La giurista Vitalba Azzollini sul quotidiano Domani racconta del disegno di legge costituzionale presentato da Adriano Paroli (FI) che si sta discutendo in Commissione al Senato. Si vorrebbe modificare l’articolo 77 della Costituzione estendendo da 60 a 90 giorni il termine per convertire in Parlamento i decreti legge.

La destra vorrebbe modificare l’articolo 77 della Costituzione estendendo da 60 a 90 giorni il termine per convertire in Parlamento i decreti legge

Lo strumento pensato dai padri costituenti per intervenire solo in casi “straordinari di necessità e urgenza” è diventato nel corso degli anni la normalità con sui si delega al governo anche l’attività legislativa oltre che esecutiva. La presidente del Consiglio Giorgia Meloni, più e meglio dei suoi predecessori, ha usato i decreti per 25 leggi sulle 43 totali finora approvate superando tutti i governi precedenti.

L’iniziativa (di cui è relatore il senatore Alberto Balboni, uno che conta in Fratelli d’Italia) è scollegata dalla cosiddetta “riforma del premierato” che vorrebbe Meloni.
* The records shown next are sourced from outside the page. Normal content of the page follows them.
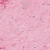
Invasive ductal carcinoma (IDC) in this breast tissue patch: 0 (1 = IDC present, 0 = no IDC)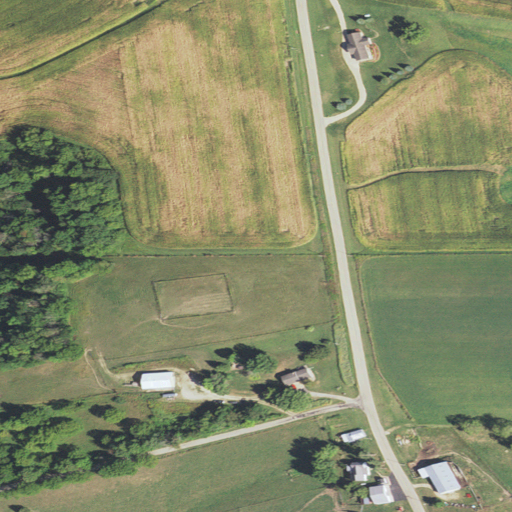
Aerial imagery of ridge(s) in Wisconsin named Wild Rose Ridge containing pasture, cultivated crops, open development, deciduous forest, low intensity development, and medium intensity development
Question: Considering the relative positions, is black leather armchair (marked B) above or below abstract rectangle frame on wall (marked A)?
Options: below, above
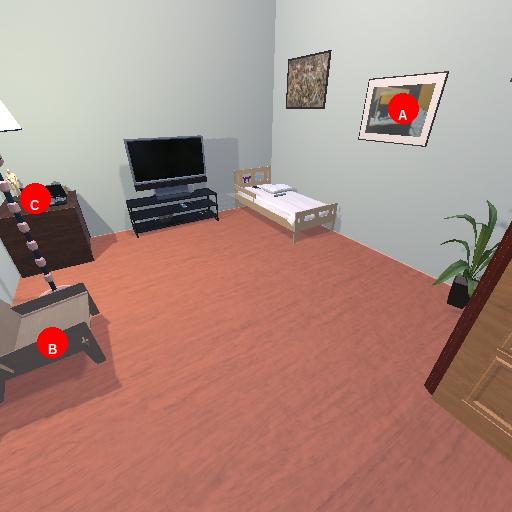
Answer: below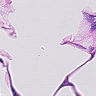
Metastatic tissue present: no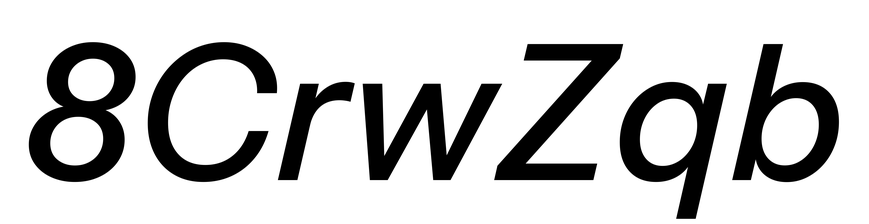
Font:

Si tratterebbe quindi di un tassello ulteriore alla “donna sola al comando” a cui aspira la presidente del Consiglio. Diventeremmo quindi l’unico Paese in cui un capo di governo viene eletto senza ballottaggio, se ne può tranquillamente star seduto a infischiarsene del Presidente della Repubblica utile solo nel momento del buffet e con a disposizione un Parlamento che non deve fare altro che ratificare le decisioni del capo prendendosela anche comoda.

Non serve nessuna riforma. Come dice il Quirinale servirebbe “un’adeguata capacità di programmazione legislativa da parte dei governi” e “una corrispondente attitudine del Parlamento a consentire l’approvazione in tempi ragionevoli dei disegni di legge ordinaria”. Ma per fare quello bisognerebbe saper governare, mica desiderare di comandare.